Merlin Dunstan (2022-04-22)


Everywhere in the world women live longer than men - but this was not always the case. The available data from rich countries shows that women didn't live longer than men in the 19th century. What's the reason women have a longer life span than men? Why has this advantage gotten larger as time passes? We have only a small amount of evidence and the evidence is not sufficient to reach a definitive conclusion. We know there are biological, behavioral, and environmental factors that all play a role in the longevity of women over males, it isn't clear what percentage each factor plays in.

We have learned that women live longer than men, regardless of weight. However, this is not due to the fact that certain biological factors have changed. The factors changing are numerous. Some are well known and relatively straightforward, like the fact that men smoke more often. Others are more complex. For example, there is evidence that in rich countries the female advantage increased in part because infectious diseases used to affect women disproportionately a century ago, so advances in medicine that reduced the long-term health burden from infectious diseases, especially for survivors, ended up raising women's longevity disproportionately.
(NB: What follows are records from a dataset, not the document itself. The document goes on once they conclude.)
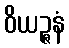
ဝိယဉ္ဇနံ
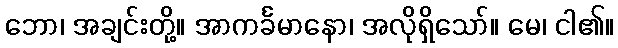
ဘော၊ အချင်းတို့။ အာကင်္ခမာနော၊ အလိုရှိသော်။ မေ၊ ငါ၏။
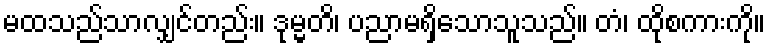
မထသည်သာလျှင်တည်း။ ဒုမ္မတိ၊ ပညာမရှိသောသူသည်။ တံ၊ ထိုစကားကို။
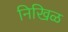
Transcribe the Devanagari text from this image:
निखिळ
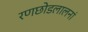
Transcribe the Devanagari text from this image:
रणछोडलालनां
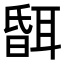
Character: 𦖞
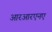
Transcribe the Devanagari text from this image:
आरआरएनए
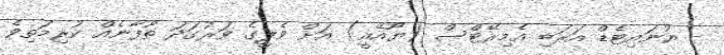
- ޔުނައިޓެޑް އަރަބި އެމިރޭޓްސް (ޔޫއޭއީ) އަށް ވެލީގެ ވަރުގަދަ ތޫފާނެއް ކުރިމަތިވެ
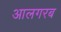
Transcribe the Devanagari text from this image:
आलगरब
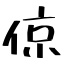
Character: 倞
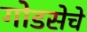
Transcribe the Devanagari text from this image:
गोडसेचे
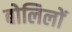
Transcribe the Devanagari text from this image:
बोलिलों
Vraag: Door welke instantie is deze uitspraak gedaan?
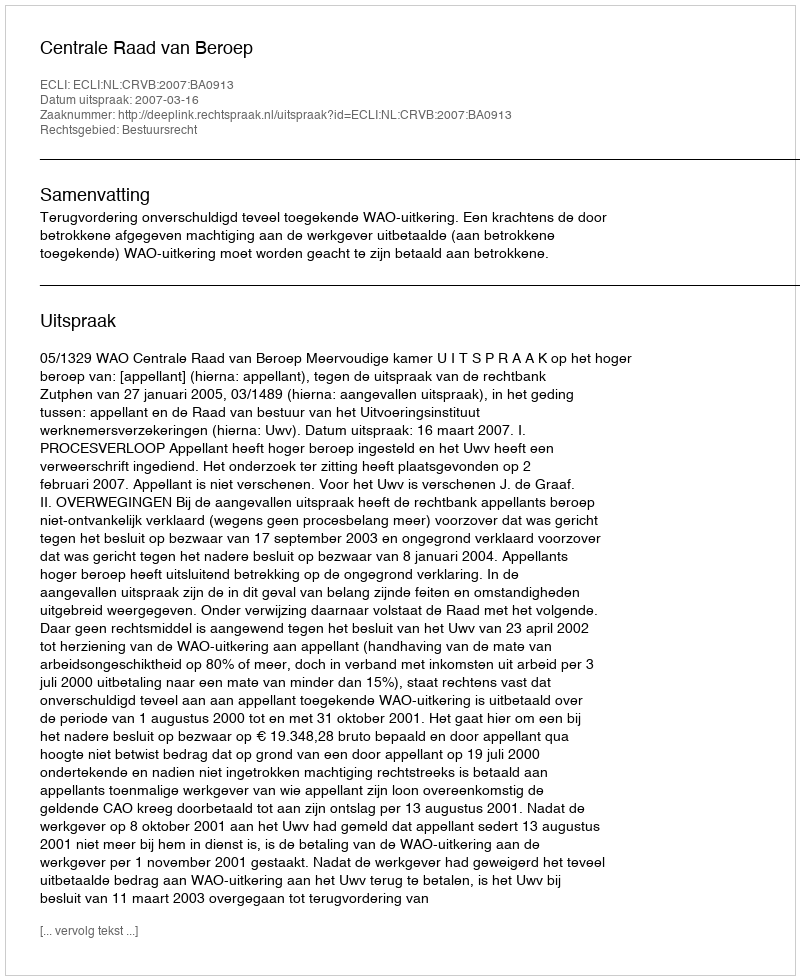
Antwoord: Centrale Raad van Beroep
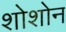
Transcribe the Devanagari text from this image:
शोशोन
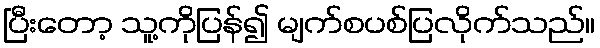
ပြီးတော့ သူ့ကိုပြန်၍ မျက်စပစ်ပြလိုက်သည်။
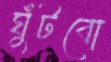
ঘুঁটবো
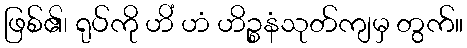
ဖြစ်၏၊ ရုပ်ကို ဟိံ ဟံ ဟိဉ္စနံသုတ်ကျမှ တွက်။
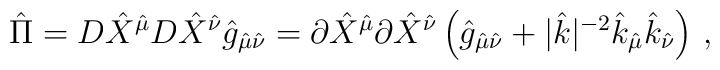
{\hat \Pi} = D {\hat X}^{\hat \mu} D {\hat X}^{\hat \nu} {\hat g}_{{\hat \mu}{\hat \nu}} = \partial {\hat X}^{\hat \mu} \partial {\hat X}^{\hat \nu} \left( {\hat g}_{{\hat \mu}{\hat \nu}}+ |{\hat k}|^{-2}{\hat k}_{\hat \mu}{\hat k}_{\hat \nu} \right) \, ,
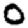
Digit: 0
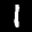
Label: 1
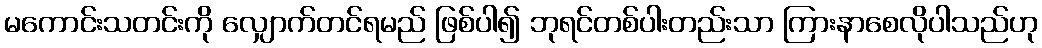
မကောင်းသတင်းကို လျှောက်တင်ရမည် ဖြစ်ပါ၍ ဘုရင်တစ်ပါးတည်းသာ ကြားနာစေလိုပါသည်ဟု
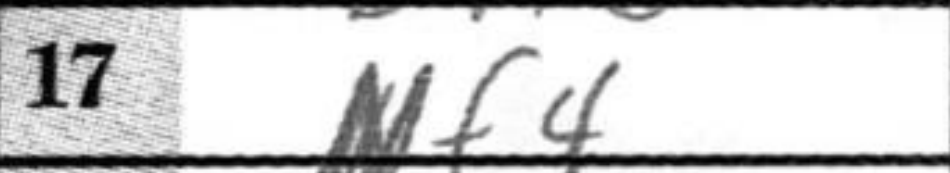
Transcription: Nf4
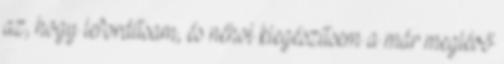
az, hogy lefordítsam, és néhol kiegészítsem a már meglévő
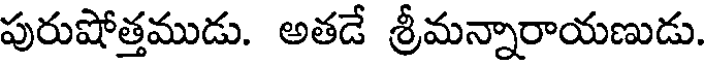
పురుషోత్తముడు. అతడే శ్రీమన్నారాయణుడు.
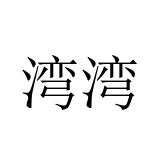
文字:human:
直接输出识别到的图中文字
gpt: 湾湾
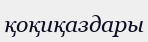
қоқиқаздары
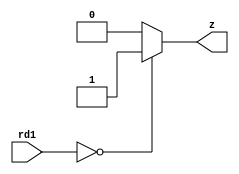
`timescale 1ns / 1ps
//////////////////////////////////////////////////////////////////////////////////
// Company: 
// Engineer: 
// 
// Design Name: 
// Module Name: branch_or_not
// Project Name: 
// Target Devices: 
// Tool Versions: 
// Description: 
// 
// Dependencies: 
// 
// Revision:
// Revision 0.01 - File Created
// Additional Comments:
// 
//////////////////////////////////////////////////////////////////////////////////


module branch_or_not(z,rd1);
output reg z;
input [31:0] rd1;
always @(rd1)
if(rd1==32'b0) z<=1'b1;
else z<=1'b0;
endmodule
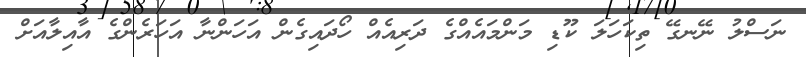
ނަސްލު ނޭނގޭ ތިކަހަލަ ކޫޑި މަންމައެއްގެ ދަރިއެއް ހޯދައިގެން އަހަންނާ އަހަރެންގެ އާއިލާއަށް
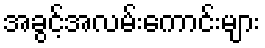
အခွင့်အလမ်းကောင်းများ
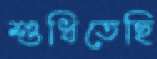
শুধিতেছি
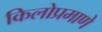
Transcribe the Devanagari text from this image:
किलोप्रमाणे
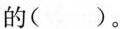
的( )。
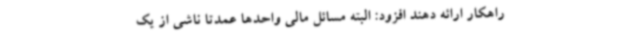
راهکار ارائه دهند افزود: البته مسائل مالی واحدها عمدتا ناشی از یک
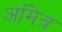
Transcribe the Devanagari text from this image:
अमित्र
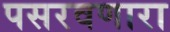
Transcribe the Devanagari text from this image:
पसरवणारा
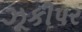
ઝૂકીપર
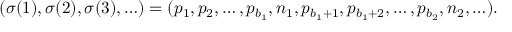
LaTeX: ( \sigma ( 1 ) , \sigma ( 2 ) , \sigma ( 3 ) , \ldots ) = ( p _ { 1 } , p _ { 2 } , \ldots , p _ { b _ { 1 } } , n _ { 1 } , p _ { b _ { 1 } + 1 } , p _ { b _ { 1 } + 2 } , \ldots , p _ { b _ { 2 } } , n _ { 2 } , \ldots ) .
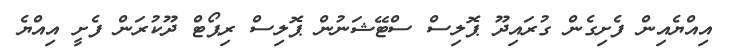
އިއްޔެއިން ފެށިގެން ގުރައިދޫ ޕޮލިސް ސްޓޭޝަނުން ޕޮލިސް ރިޕޯޓް ދޫކުރަން ފެށީ އިއްޔެ
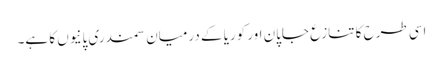
اسی طرح کا تنازع جاپان اور کوریا کے درمیان سمندری پانیوں کا ہے۔
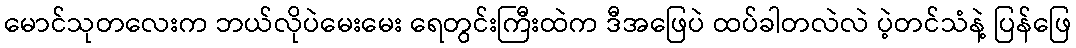
မောင်သုတလေးက ဘယ်လိုပဲမေးမေး ရေတွင်းကြီးထဲက ဒီအဖြေပဲ ထပ်ခါတလဲလဲ ပဲ့တင်သံနဲ့ ပြန်ဖြေ
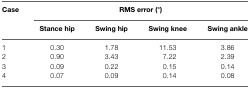
<table><thead><tr><td><b>Case</b></td><td colspan="4"><b>RMS error (°)</b></td></tr><tr><td></td><td><b>Stance hip</b></td><td><b>Swing hip</b></td><td><b>Swing knee</b></td><td><b>Swing ankle</b></td></tr></thead><tbody><tr><td>1</td><td>0.30</td><td>1.78</td><td>11.53</td><td>3.86</td></tr><tr><td>2</td><td>0.90</td><td>3.43</td><td>7.22</td><td>2.39</td></tr><tr><td>3</td><td>0.09</td><td>0.22</td><td>0.15</td><td>0.14</td></tr><tr><td>4</td><td>0.07</td><td>0.09</td><td>0.14</td><td>0.08</td></tr></tbody></table>

Everywhere in the world women tend to live longer than men
The first chart below shows life expectancy at birth for men and women. We can see that all countries are above the diagonal parity line , this means in all countries baby girls can expect to live longer than a new boy.1

This chart illustrates that, صبغ الشعر بالاسود while there is a female advantage everywhere, cross-country differences can be substantial. In Russia women are 10 years older than men; in Bhutan the difference is just half one year.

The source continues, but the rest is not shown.